A limitation of our study is the utilization of whole-body knock-out mice instead of knock-out mice with conditional deletion of PARP2 in keratinocytes or immune cells. Indeed, we cannot exclude the contribution of distinct skin cells or distant organs to the observed skin phenotype of PARP2-/- mice, however, the mechanism we demonstrate in keratinocytes might be an important piece in the pathomechanism of psoriasis.

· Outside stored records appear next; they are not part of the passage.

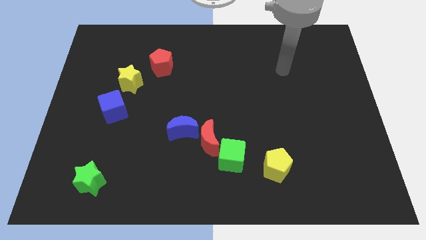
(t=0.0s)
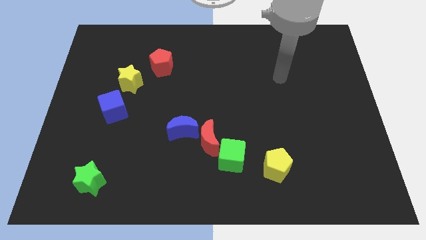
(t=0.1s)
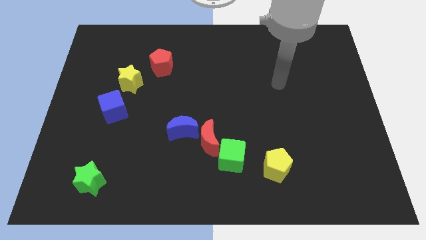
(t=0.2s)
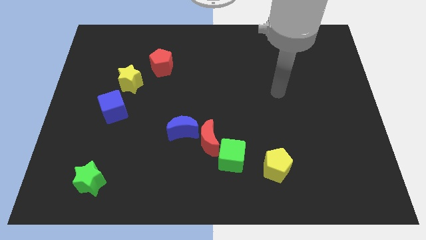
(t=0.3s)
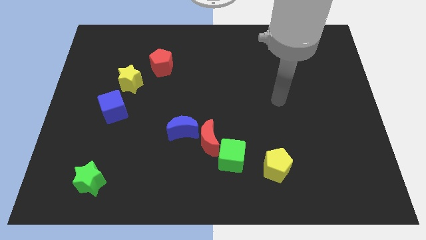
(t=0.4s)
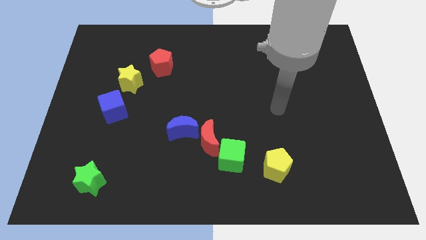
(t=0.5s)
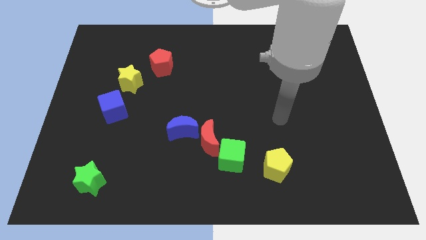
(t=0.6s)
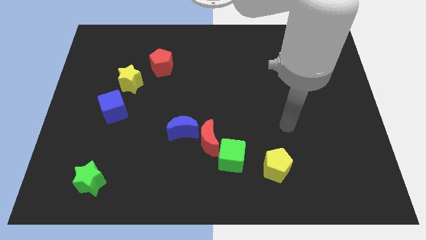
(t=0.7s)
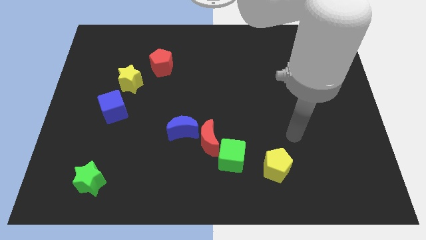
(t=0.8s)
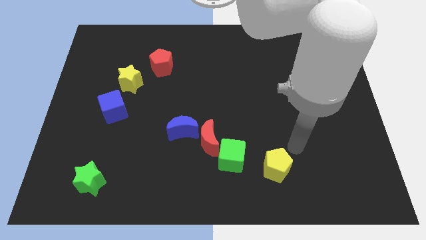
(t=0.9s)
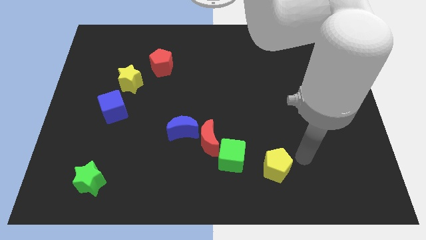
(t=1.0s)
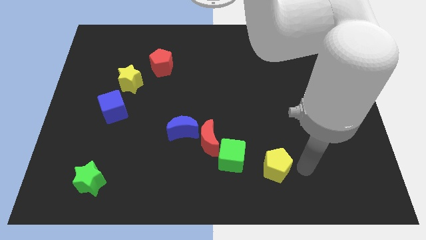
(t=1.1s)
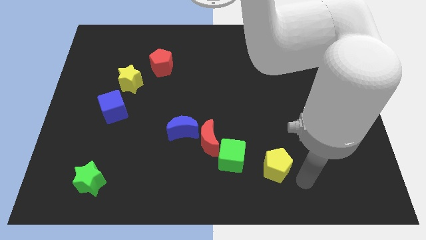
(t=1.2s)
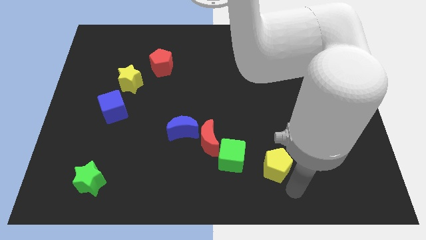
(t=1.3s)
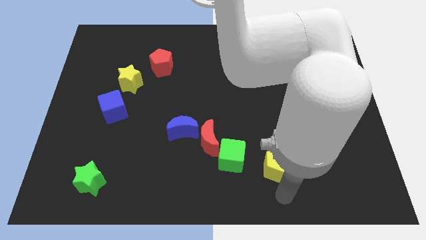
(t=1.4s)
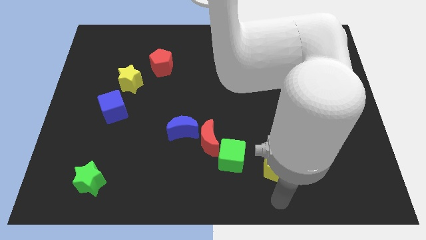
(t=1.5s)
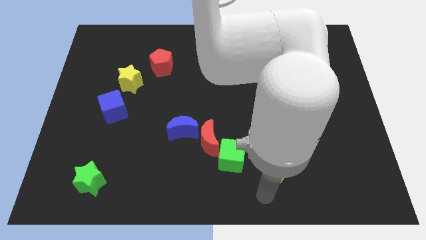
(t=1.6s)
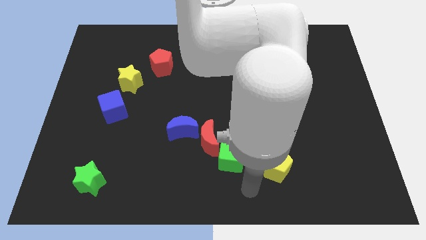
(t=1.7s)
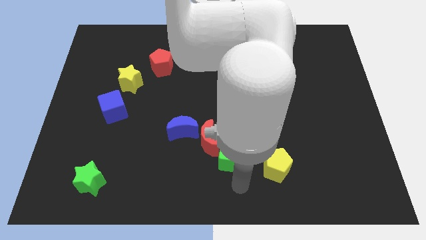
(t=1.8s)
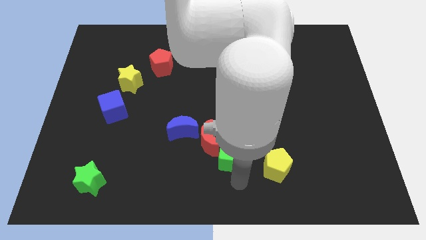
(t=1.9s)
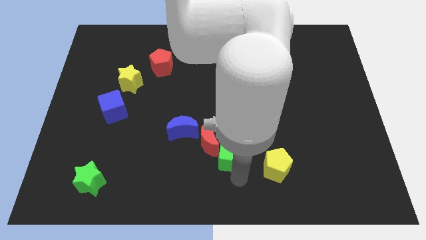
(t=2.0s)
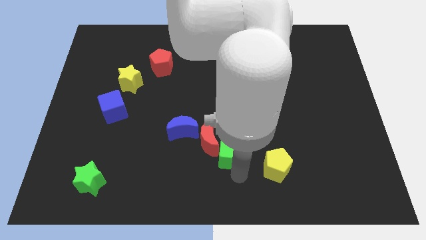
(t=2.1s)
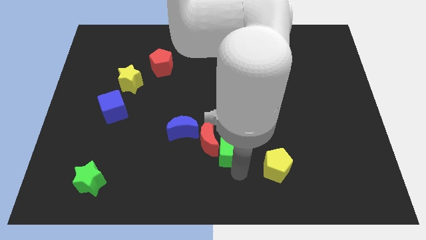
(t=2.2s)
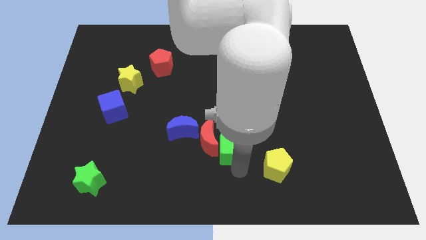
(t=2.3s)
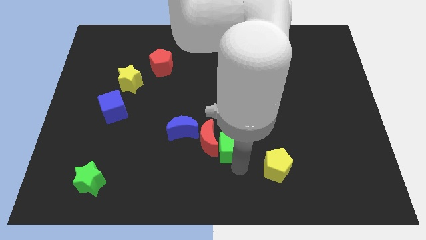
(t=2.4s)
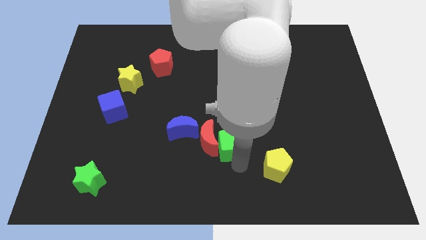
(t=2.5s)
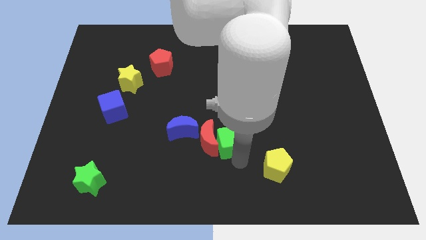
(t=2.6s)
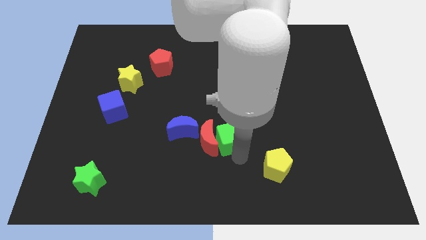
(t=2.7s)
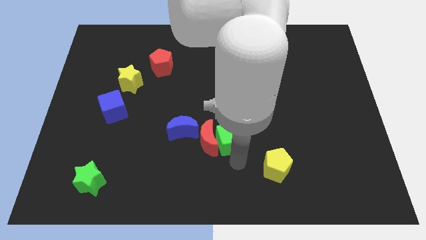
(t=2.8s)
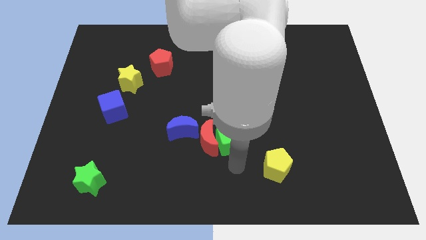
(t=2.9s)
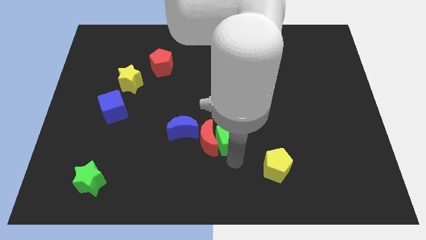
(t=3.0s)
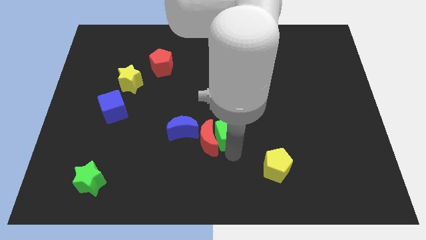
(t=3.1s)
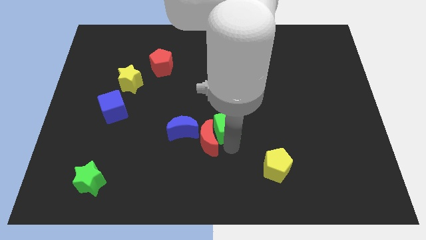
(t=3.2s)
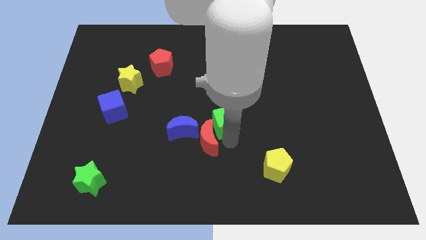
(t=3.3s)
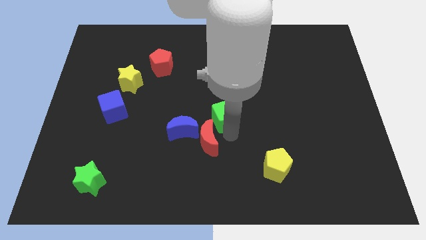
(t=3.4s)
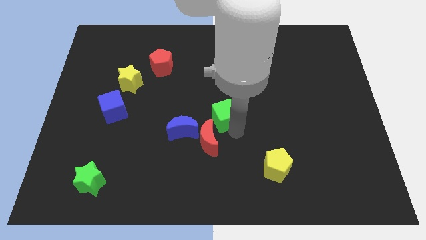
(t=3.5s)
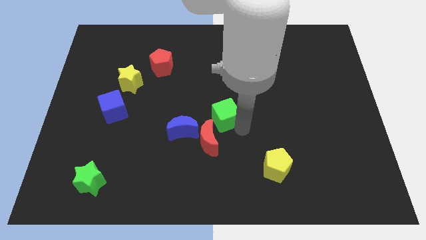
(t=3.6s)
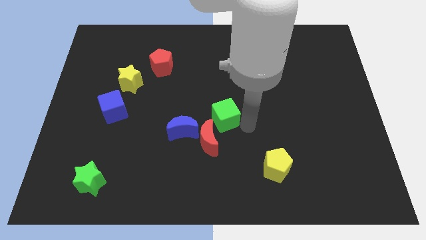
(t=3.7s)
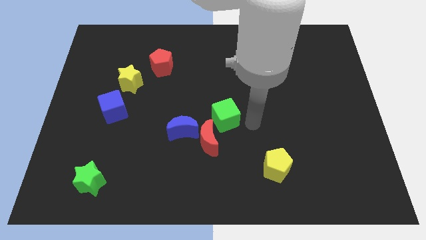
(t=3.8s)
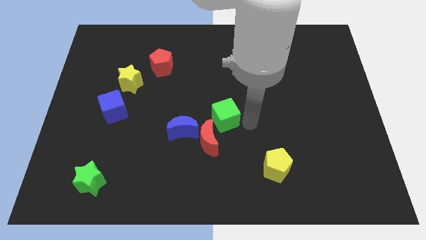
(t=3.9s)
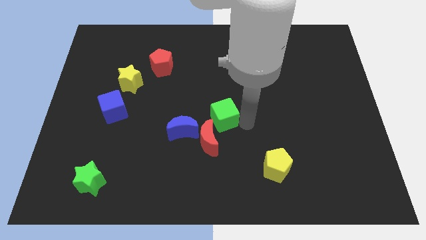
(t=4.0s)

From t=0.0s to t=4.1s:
move the green cube slightly upwards and left

Currently, the most successful therapies against psoriasis are biologic agents targeting IL17A or TNFα, but there are several safety concerns about the usage of such therapies, and there is a constant search for better-tolerated solutions. Several PARP inhibitors are in clinical use for systemic application in tumor therapy, involving veliparib (Abbvie), rucaparib (Pfizer/Clovis), olaparib (KuDOS/AstraZeneca), niraparib (Merck/Tesaro), talazoparib (Lead/Biomarin/Medivation/Pfizer), as well as fluzoparib and pamibarib approved by the Chinese NMPA. With our data we raise the potential of repurposing PARP inhibitors in the treatment of psoriasis. True, these are pan-PARP inhibitors that equally target PARP1, PARP2 and even PARP3. Hence, selective targeting of PARP2 cannot be done by these inhibitors as their effects may be affected by the concurrent inhibition of PARP1 and PARP3. Therefore, the applicability of PARP inhibitors will have to be assessed in subsequent studies.
In summary, we highlighted a yet unknown mechanism by which PARP2 may be involved in inflammatory regulation and identified a potential targetable player in psoriasis. Our study may promote the development of PARP2 specific inhibitors and encourage that more studies be conducted on the elucidation of the role of PARP2 in inflammation and immune regulation.